Michael Madden, an expert on North Korea's secretive leadership, said, "With Iran being off the table, the North Koreans have placed themselves at the top of the foreign policy agenda as far as nation-states who present a threat to the U.S."

DOUBTS RAISED

The device had a yield of about 6 kilo tonnes, according to the office of a South Korean lawmaker on the parliamentary intelligence committee - roughly the same size as the North's last test, which was equivalent to 6-7 kilo tonnes of TNT.

"Given the scale, it is hard to believe this is a real hydrogen bomb," said Yang Uk, a senior research fellow at the Korea Defence and Security Forum.

Joe Cirincione, a nuclear expert who is president of Ploughshares Fund, a global security organization, said North Korea may have mixed a hydrogen isotope in a normal atomic fission bomb.

"Because it is, in fact, hydrogen, they could claim it is a hydrogen bomb," he said. "But it is not a true fusion bomb capable of the massive multi-megaton yields these bombs produce".

The USGS reported a 5.1 magnitude quake that South Korea said was 49 km (30 miles) from the Punggye-ri site where the North has conducted nuclear tests in the past.

The test may mark an advance of North Korea's nuclear technology.
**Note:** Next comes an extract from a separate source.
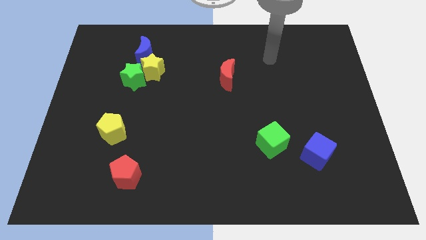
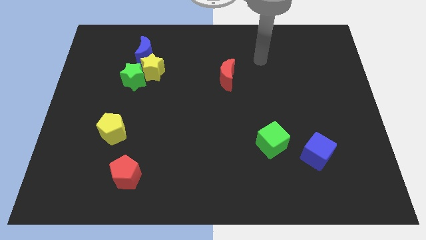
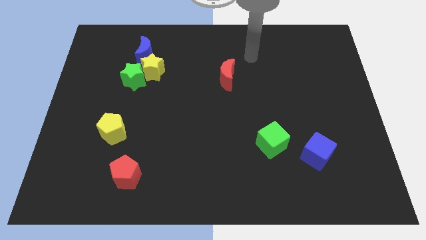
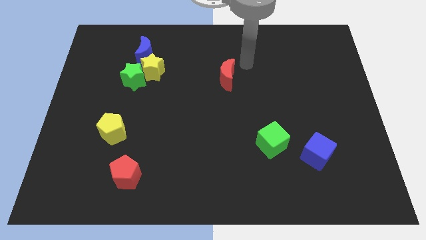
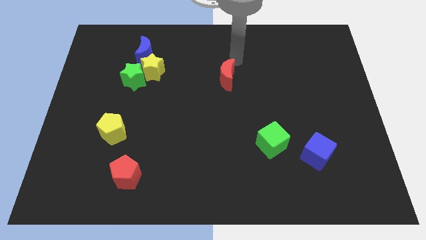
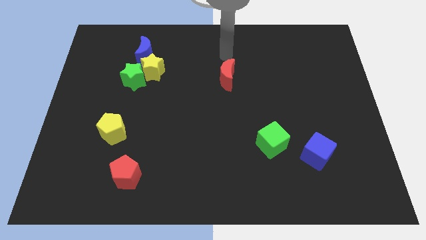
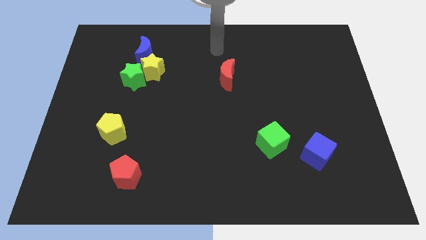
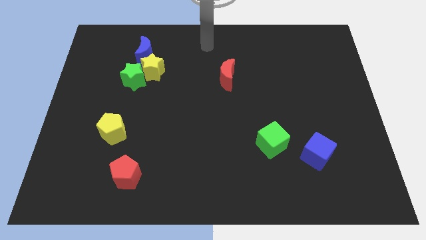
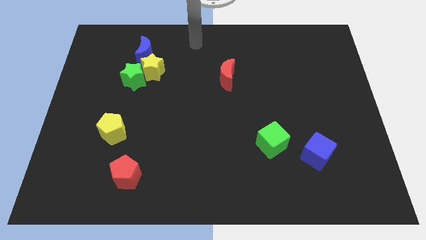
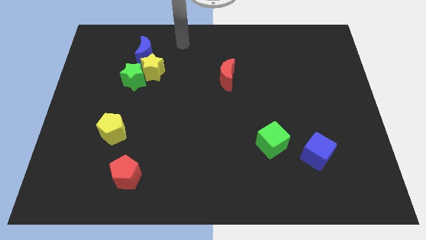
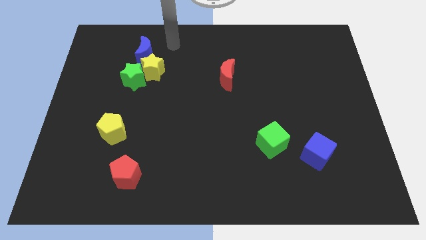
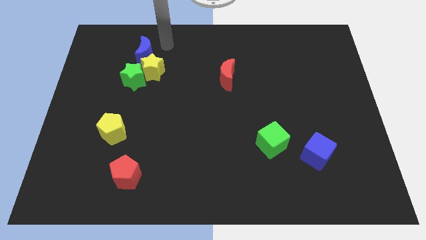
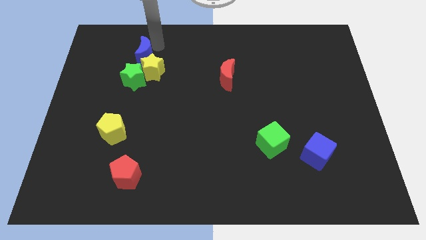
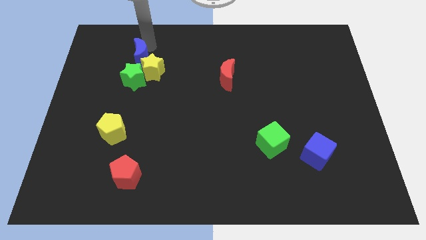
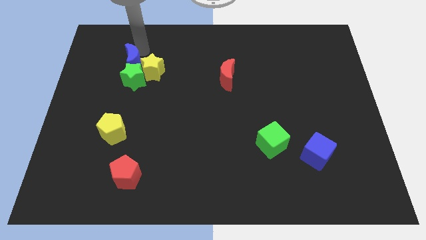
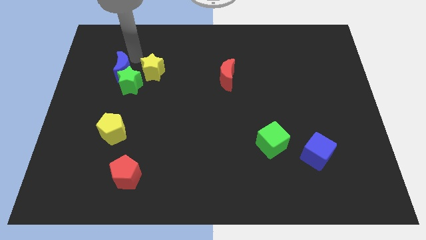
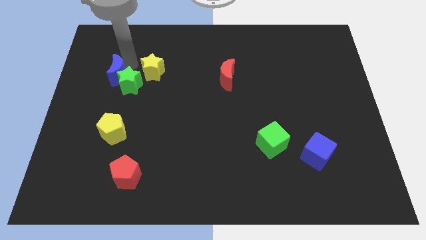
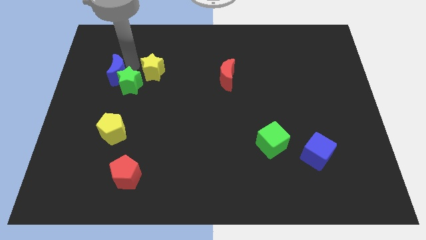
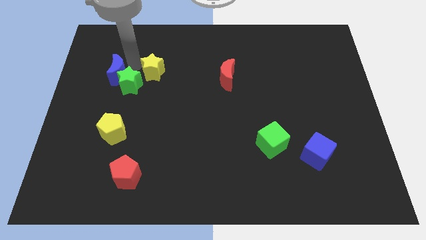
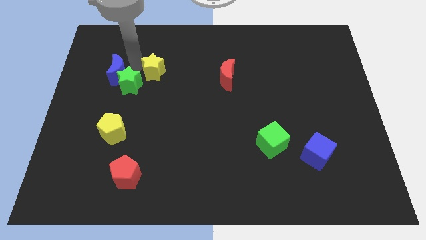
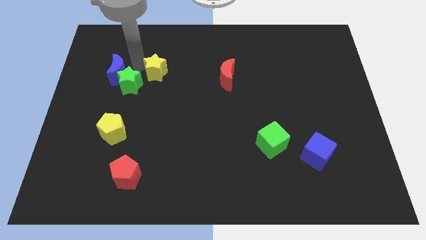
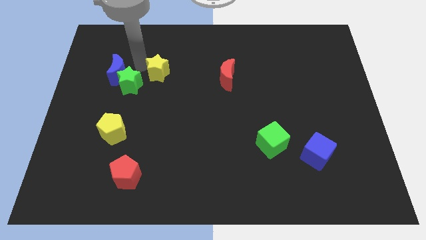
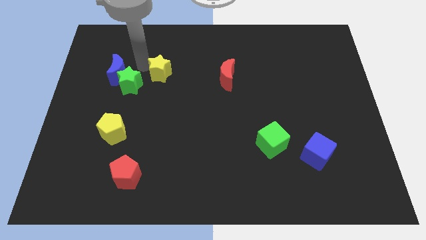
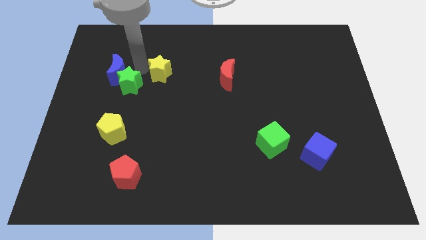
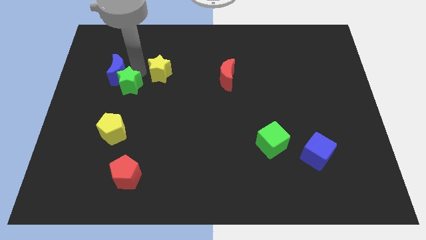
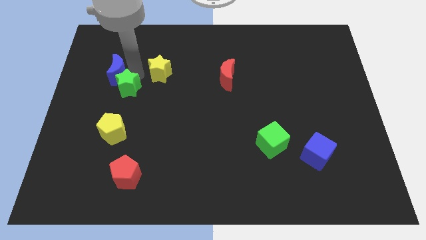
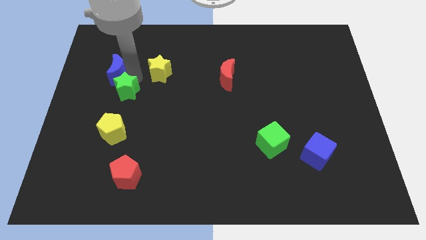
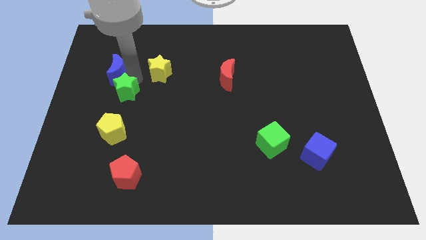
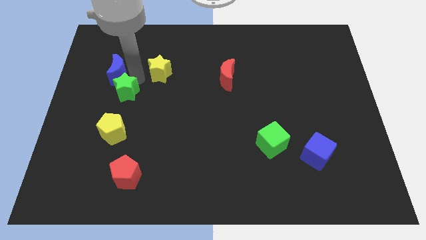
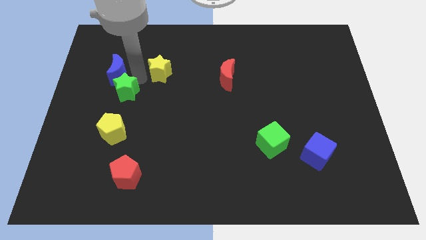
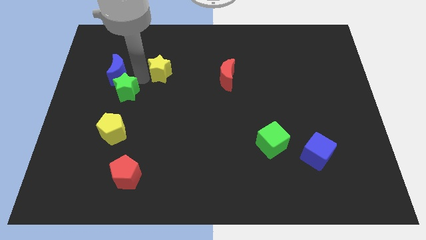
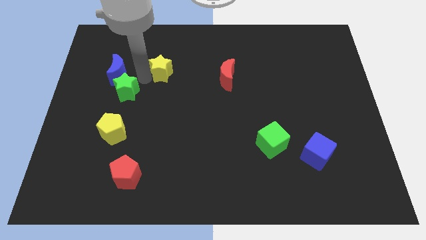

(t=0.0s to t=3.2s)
move the yellow star away from the green star and blue moon

The claim of miniaturizing, which would allow the device to be adapted as a weapon and placed on a missile, would pose a new threat to the United States and its regional allies, Japan and South Korea.

The North's previous miniaturization claims have not been independently verified. Many experts also doubt whether the North possesses missile technology capable of reliably delivering a warhead to the continental United States.

South Korea said it would take all possible measures, including possible U. N. sanctions, to ensure Pyongyang paid the price.

"The government must now work closely with the international community to ensure that North Korea pays the commensurate price for the latest nuclear test," President Park Geun-hye said in astatement. "We must respond decisively through measures such as strong international sanctions."

Conventional atomic bombs split atoms from heavier elements such as uranium or plutonium. They occur in one stage. The process is called fission. Hydrogen bombs have a second stage after fission. This fusion stage releases much more energy.